2011-04-04 Thread Dan Ports
On Mon, Apr 04, 2011 at 10:33:22AM -0500, Kevin Grittner wrote:
 There are patches for all known issues except one.  Dan Ports was
 able to replicate the latest issue uncovered by YAMAMOTO Takashi
 using a particular DBT-2 configuration, found the issue, and posted
 a patch:

Well, it would be good to have confirmation from Takashi that it
actually fixed the problem he was seeing. I expect it did. If so, then
yes, we do have a handle on all open SSI issues.

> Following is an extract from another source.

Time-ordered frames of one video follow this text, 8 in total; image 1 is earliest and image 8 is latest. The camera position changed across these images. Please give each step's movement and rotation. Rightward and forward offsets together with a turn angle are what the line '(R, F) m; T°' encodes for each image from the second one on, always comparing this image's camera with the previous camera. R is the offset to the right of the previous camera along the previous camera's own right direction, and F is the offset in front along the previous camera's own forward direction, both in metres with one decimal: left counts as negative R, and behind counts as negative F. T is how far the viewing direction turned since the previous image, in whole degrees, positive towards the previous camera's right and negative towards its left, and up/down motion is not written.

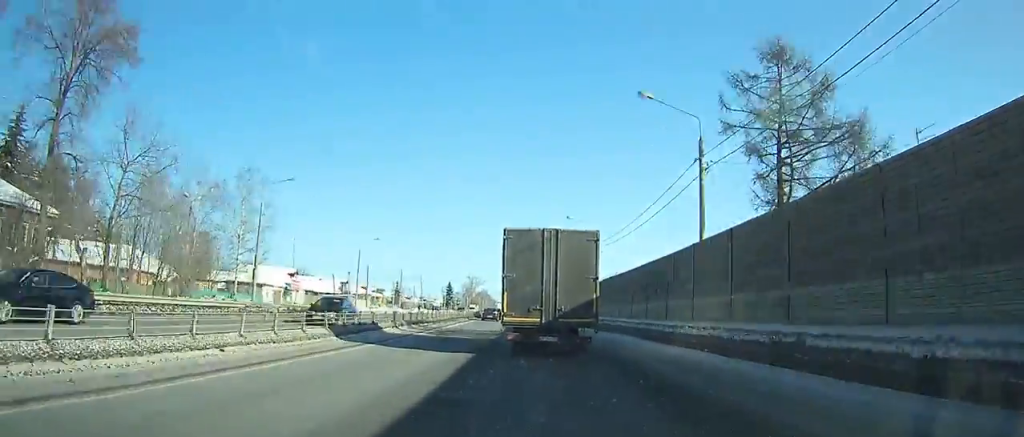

 In investigating the locks which were not being cleaned up properly,
 Dan noticed that the pid wasn't showing on SIReadLock rows in
 pg_locks.  He submitted a patch here which would always show the pid
 responsible for the lock:
  
 Jeff Davis questioned whether pid should continue to show after the
 end of the transaction or the closing of the connection (and
 therefore the process which the pid identifies).  Not showing it for
 completed transactions would be trivial.  Showing it after the
 transaction completes, until the connection closes should be doable,
 but not trivial.  Of course, we could just leave it alone, but
 leaving the pid out for these rows looks a little funny and reduces
 useful information a bit.

I see Robert committed that one already. If there's a consensus that
omitting the pid for committed transactions is the right thing to do,
I'm happy to put together a patch. I think that is a better approach
than trying to keep it after commit until the connection closes, but
all of this is sufficiently minor that it's probably not worth worrying
much about.

 The one issue without a reasonable patch is that there are now three
 HTABs in shared memory which can grow until shared memory is
 exhausted, rather than the one in heavyweight locks which we had
 prior to 9.1.  I think we're agreed that this is a bad thing, but my
 attempts to address this so far haven't satisfied Heikki.  Heikki
 suggested an approach, but didn't respond as to whether I should try
 to code it up.  I wasn't sure whether he might be going at it
 himself.  I'll happily take a run at it if people want that.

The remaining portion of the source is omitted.